The created instance can then be used to start a flow:

# business logic produces labels
labels = {
"user_id": "some_user_id",
"user_tier": "gold",
"priority": "100",
}
flow_params = FlowParams(
check_timeout=timedelta(seconds=200),
explicit_labels=labels,
)
# start_flow performs a flowcontrol.v1.Check call to Aperture Agent.
# It returns a Flow or raises an error if any.
flow = await aperture_client.start_flow(
control_point="AwesomeFeature",
params=flow_params,
)

# Check if flow check was successful.
if not flow.success:
logger.info("Flow check failed - will fail-open")

# See whether flow was accepted by Aperture Agent.
if flow.should_run():
# do actual work
pass
else:
# handle flow rejection by Aperture Agent
flow.set_status(FlowStatus.Error)

res = await flow.end()
if res.get_error():
logger.error("Error: {}".format(res.get_error()))
elif res.get_flow_end_response():
logger.info("Flow End Response: {}".format(res.get_flow_end_response()))

# Simulate work being done
await asyncio.sleep(2)
return "", 202

The above code snippet is making start_flow calls to Aperture. For this call, it is important to specify the control point (AwesomeFeature in the example) and FlowParams that will be aligned with the policy created in Aperture Cloud. For request prioritization use cases, it's important to set a higher gRPC deadline. This parameter specifies the maximum duration a request can remain in the queue. For each flow that is started, a should_run decision is made, determining whether to allow the request into the system or to rate limit it. It is important to make the end call made after processing each request, to send telemetry data that would provide granular visibility for each flow.
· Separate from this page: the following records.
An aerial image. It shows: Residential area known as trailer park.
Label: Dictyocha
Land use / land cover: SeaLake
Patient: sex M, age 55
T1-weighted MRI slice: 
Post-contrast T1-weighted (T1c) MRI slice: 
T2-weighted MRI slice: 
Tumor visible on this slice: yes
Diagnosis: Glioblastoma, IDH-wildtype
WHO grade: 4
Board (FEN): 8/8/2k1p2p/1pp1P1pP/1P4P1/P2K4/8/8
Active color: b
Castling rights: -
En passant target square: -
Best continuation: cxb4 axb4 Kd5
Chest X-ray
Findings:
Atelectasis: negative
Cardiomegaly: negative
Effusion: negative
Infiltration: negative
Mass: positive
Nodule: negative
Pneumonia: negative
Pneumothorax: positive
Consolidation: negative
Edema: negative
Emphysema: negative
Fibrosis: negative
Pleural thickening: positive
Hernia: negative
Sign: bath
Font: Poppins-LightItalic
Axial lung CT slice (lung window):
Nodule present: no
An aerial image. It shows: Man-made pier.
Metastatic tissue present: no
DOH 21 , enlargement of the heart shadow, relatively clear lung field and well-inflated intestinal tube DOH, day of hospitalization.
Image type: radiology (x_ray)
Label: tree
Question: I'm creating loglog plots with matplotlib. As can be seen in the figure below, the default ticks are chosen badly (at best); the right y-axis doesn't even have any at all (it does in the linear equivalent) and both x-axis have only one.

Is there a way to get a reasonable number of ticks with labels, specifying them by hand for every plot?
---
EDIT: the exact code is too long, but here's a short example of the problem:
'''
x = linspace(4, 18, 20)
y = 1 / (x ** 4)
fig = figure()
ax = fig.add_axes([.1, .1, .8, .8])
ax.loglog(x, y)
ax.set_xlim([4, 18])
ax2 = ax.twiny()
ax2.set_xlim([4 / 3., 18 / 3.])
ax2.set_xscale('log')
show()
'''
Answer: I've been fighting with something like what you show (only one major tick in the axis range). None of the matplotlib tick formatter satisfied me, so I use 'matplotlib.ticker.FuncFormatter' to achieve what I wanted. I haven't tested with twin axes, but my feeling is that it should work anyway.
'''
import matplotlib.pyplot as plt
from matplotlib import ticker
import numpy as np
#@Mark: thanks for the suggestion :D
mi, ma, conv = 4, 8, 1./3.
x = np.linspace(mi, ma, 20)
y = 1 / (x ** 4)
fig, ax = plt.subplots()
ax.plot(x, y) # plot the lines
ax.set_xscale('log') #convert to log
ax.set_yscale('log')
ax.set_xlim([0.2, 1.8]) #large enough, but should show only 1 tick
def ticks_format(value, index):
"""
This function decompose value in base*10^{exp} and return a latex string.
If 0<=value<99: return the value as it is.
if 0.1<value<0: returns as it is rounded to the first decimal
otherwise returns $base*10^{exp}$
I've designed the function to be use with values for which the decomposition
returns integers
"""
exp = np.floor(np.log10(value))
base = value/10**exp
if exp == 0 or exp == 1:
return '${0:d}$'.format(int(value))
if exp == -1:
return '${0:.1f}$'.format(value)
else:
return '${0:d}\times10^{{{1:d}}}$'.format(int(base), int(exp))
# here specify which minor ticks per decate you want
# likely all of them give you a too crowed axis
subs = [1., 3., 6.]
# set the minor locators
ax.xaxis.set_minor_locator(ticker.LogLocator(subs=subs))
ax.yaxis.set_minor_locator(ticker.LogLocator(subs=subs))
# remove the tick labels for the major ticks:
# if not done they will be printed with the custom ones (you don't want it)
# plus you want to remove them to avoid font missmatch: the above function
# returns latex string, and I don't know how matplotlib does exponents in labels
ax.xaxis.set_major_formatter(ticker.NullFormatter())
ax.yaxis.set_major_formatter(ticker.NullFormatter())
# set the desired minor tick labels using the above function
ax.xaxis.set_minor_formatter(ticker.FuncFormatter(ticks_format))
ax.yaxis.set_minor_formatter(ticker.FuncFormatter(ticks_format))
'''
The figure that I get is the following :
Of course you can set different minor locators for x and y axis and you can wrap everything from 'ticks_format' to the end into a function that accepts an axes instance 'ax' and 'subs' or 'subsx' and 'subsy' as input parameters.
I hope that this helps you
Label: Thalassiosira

You can also use the flow as a context manager:

flow_params = FlowParams(
explicit_labels=labels,
check_timeout=timedelta(seconds=200),
)

with await aperture_client.start_flow(
control_point="AwesomeFeature",
params=flow_params,
) as flow:
if flow.should_run():
# do actual work
# if you do not call flow.end() explicitly, it will be called automatically
# when the context manager exits - with the status of the flow
# depending on whether an error was raised or not
pass

Additionally, you can decorate any function with aperture client. This will skip running the function if the flow is rejected by Aperture Agent. This might be helpful to handle specific routes in your service.

flow_params = FlowParams(
check_timeout=timedelta(seconds=200),
)


@app.get("/super")
@aperture_client.decorate(
"awesomeFeature", params=flow_params, on_reject=lambda: ("Flow was rejected", 503)
)
async def super_handler():
# Simulate work being done
await asyncio.sleep(2)
return "", 202

For more context on using the Aperture Python SDK to set feature control points, refer to the example app available in the repository.